There’s been a lot on the grapevine of late about AI-powered leaps forward in text-to-speech voices. From providing accent models to in-depth speaking games, next-gen TTS is poised to have a huge impact on language learning.
The catch? Much of the brand new tech isn’t available to the average user-on-the-street yet.
That’s why I was thrilled to happen across TTS service ElevenLabs recently. ElevenLabs’ stunning selection of voices powers a number of eLearning and audiobook sites already, and it’s no hype to say that they sound as close to human as you can get right now.
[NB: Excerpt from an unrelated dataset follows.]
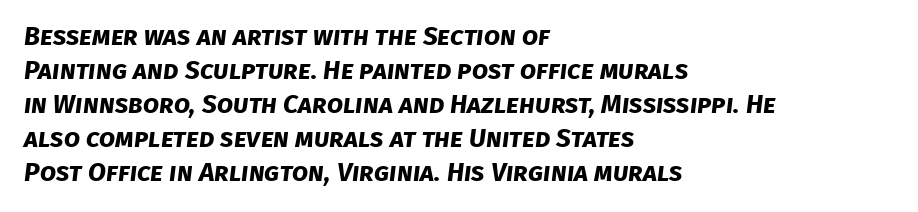
{"bold": "yes", "underline": "no", "align": "left", "line_spacing": "normal", "line_spacing_ratio": 1.31, "letter_spacing": "normal", "letter_spacing_em": 0.0, "glyph_px": 26}
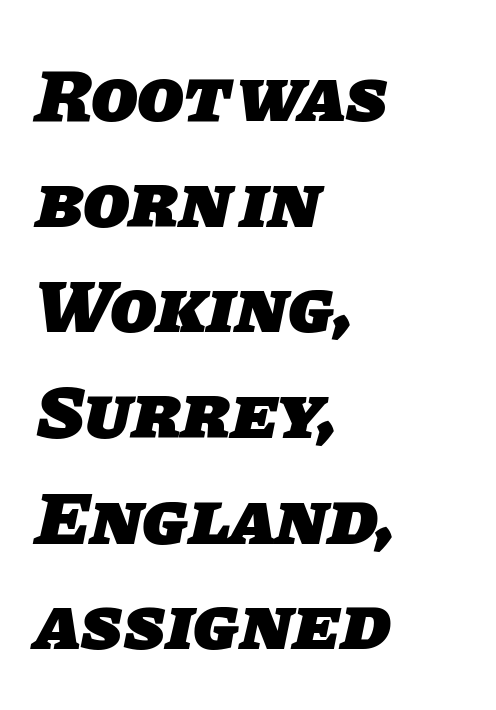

Even better, you can sign up for a free account that gives you 10,000 characters of text-to-speech conversion each month. For $5 a month you can up that to 30,000 characters too, as well as access voice-cloning features. Just imagine the hours of fun if you want to hear ‘yourself’ speak any number of languages!
Using ElevenLabs in Your Own Learning
There’s plenty to do for free, though. For instance, if you enjoy the island technique in your learning, you can get ElevenLabs to record your passages for audio practice / rote memorising. I make this an AI double-whammy, using ChatGPT to help prepare my topical ‘islands’ before pasting them into ElevenLabs.
The ChatGPT > ElevenLabs workflow is also brilliant for dialogue modelling. On my recent Sweden trip, I knew that a big conversational contact point would be ordering at coffee shops. This is the prompt I used to get a cover-all-bases model coffee-shop convo:
Create a comprehensive model dialogue in Swedish to help me learn and practise for the situation “ordering coffee in a Malmö coffee shop”.
Try to include the language for every eventuality / question I might be asked by the coffee shop employee. Ensure that the language is colloquial and informal, and not stilted.
The output will be pasted into a text-to-speech generator, so don’t add speaker names to the dialogue lines – just a dash will suffice to indicate a change of speaker.
I then ran off the audio file with ElevenLabs, and hey presto! Custom real-world social prep. You can’t specify different voices in the same file, of course. But you could run off the MP3 twice, in different voices, then splice it up manually in an audio editor like Audacity for the full dialogue effect. Needless to say, it’s also a great way for teachers to make custom listening activities.
The ElevenLabs voices are truly impressive – it’s worth setting up a free account just to play with the options and come up with your own creative use cases. TTS is set to only get better in the coming months – we’re excited to see where it leads!